We note some other things about REST:

  1. The uniform interface constraint implies that the API routing (API Gateway on AWS) mappings (dictionary of URL’s to the HTTP functions) should following some prescribed mapping
  2. All the HTTP functions (except post) should by idempotent (i.e. no adverse side effect on the system despite repeated calls)
  3. Only three functions can change the system: put, post, and delete.
  4. When modifying the system: Post should be used when the server will decide the new resourses identifier. And put should be used when the client determines the resources identifier. And by identifer, we mean not just the GUID but the entire path (i.e. URI i.e.
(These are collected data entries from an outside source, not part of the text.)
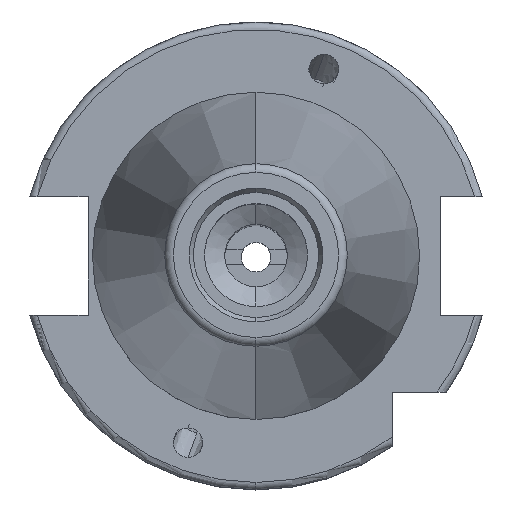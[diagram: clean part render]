
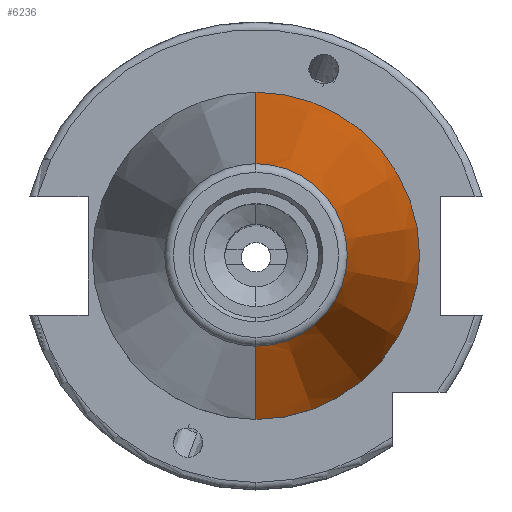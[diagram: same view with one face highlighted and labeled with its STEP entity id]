
A CAD part, top view. The second image highlights one B-rep face of the part: STEP entity #6236.
In plain terms, the highlighted conical face has half-angle 8.297 degrees and reference radius 22.225 mm.
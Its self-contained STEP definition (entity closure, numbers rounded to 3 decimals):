
#154 = VERTEX_POINT ( 'NONE', #2324 ) ;
#253 = VERTEX_POINT ( 'NONE', #1413 ) ;
#436 = ORIENTED_EDGE ( 'NONE', *, *, #5025, .F. ) ;
#764 = CARTESIAN_POINT ( 'NONE',  ( 0., -22.225, 19.1 ) ) ;
#934 = VERTEX_POINT ( 'NONE', #764 ) ;
#1063 = LINE ( 'NONE', #4628, #5473 ) ;
#1222 = LINE ( 'NONE', #6443, #4278 ) ;
#1413 = CARTESIAN_POINT ( 'NONE',  ( 0., 12.4, 86.473 ) ) ;
#1735 = DIRECTION ( 'NONE',  ( 0., -1., 0. ) ) ;
#1786 = EDGE_CURVE ( 'NONE', #3957, #253, #2175, .T. ) ;
#2175 = CIRCLE ( 'NONE', #2217, 12.4 ) ;
#2217 = AXIS2_PLACEMENT_3D ( 'NONE', #4849, #5762, #1735 ) ;
#2324 = CARTESIAN_POINT ( 'NONE',  ( 0., 22.225, 19.1 ) ) ;
#2560 = CARTESIAN_POINT ( 'NONE',  ( 0., 0., 19.1 ) ) ;
#3055 = DIRECTION ( 'NONE',  ( 0., -0.144, -0.99 ) ) ;
#3111 = DIRECTION ( 'NONE',  ( 0., -1., 0. ) ) ;
#3132 = ORIENTED_EDGE ( 'NONE', *, *, #4602, .T. ) ;
#3285 = CIRCLE ( 'NONE', #4816, 22.225 ) ;
#3957 = VERTEX_POINT ( 'NONE', #4670 ) ;
#4041 = EDGE_CURVE ( 'NONE', #3957, #934, #1222, .T. ) ;
#4107 = CONICAL_SURFACE ( 'NONE', #7384, 22.225, 0.145 ) ;
#4278 = VECTOR ( 'NONE', #3055, 1000. ) ;
#4602 = EDGE_CURVE ( 'NONE', #934, #154, #3285, .T. ) ;
#4628 = CARTESIAN_POINT ( 'NONE',  ( 0., 22.225, 19.1 ) ) ;
#4670 = CARTESIAN_POINT ( 'NONE',  ( 0., -12.4, 86.473 ) ) ;
#4816 = AXIS2_PLACEMENT_3D ( 'NONE', #2560, #6567, #3111 ) ;
#4849 = CARTESIAN_POINT ( 'NONE',  ( 0., 0., 86.473 ) ) ;
#4931 = EDGE_LOOP ( 'NONE', ( #7064, #5114, #3132, #436 ) ) ;
#5025 = EDGE_CURVE ( 'NONE', #253, #154, #1063, .T. ) ;
#5114 = ORIENTED_EDGE ( 'NONE', *, *, #4041, .T. ) ;
#5473 = VECTOR ( 'NONE', #6379, 1000. ) ;
#5762 = DIRECTION ( 'NONE',  ( 0., 0., 1. ) ) ;
#6236 = ADVANCED_FACE ( 'NONE', ( #7383 ), #4107, .T. ) ;
#6379 = DIRECTION ( 'NONE',  ( 0., 0.144, -0.99 ) ) ;
#6409 = DIRECTION ( 'NONE',  ( 0., 1., 0. ) ) ;
#6443 = CARTESIAN_POINT ( 'NONE',  ( 0., -22.225, 19.1 ) ) ;
#6567 = DIRECTION ( 'NONE',  ( 0., 0., 1. ) ) ;
#6957 = DIRECTION ( 'NONE',  ( 0., 0., -1. ) ) ;
#7003 = CARTESIAN_POINT ( 'NONE',  ( 0., 0., 19.1 ) ) ;
#7064 = ORIENTED_EDGE ( 'NONE', *, *, #1786, .F. ) ;
#7383 = FACE_OUTER_BOUND ( 'NONE', #4931, .T. ) ;
#7384 = AXIS2_PLACEMENT_3D ( 'NONE', #7003, #6957, #6409 ) ;

Uniform Resource Identifier).
  5. Review the HTTP status codes; they are important to how RESTful services work.

Summary

  • The Internet started as ARPANET in the 1960s with the goal of a decentralized computer network.
  • Physically, the Internet is a collection of computers moving bits to each other over wires, cables, and radio signals.
  • Like many complex engineering projects, the Internet is broken up into various layers, each concerned with solving only a smaller problem. These layers connect to each other in well-defined interfaces.
  • There are many protocols that define how the Internet and its applications should work at the different layers: HTTP, IMAP, SSH, TCP, UDP, IP, etc. In this sense, the Internet is as much a collection of rules for how computers and programs should behave as it is a physical network of computers.
  • With the growth of the Internet, advent of WIFI, and e-commerce needs, SSL/TLS was developed to address security concerns.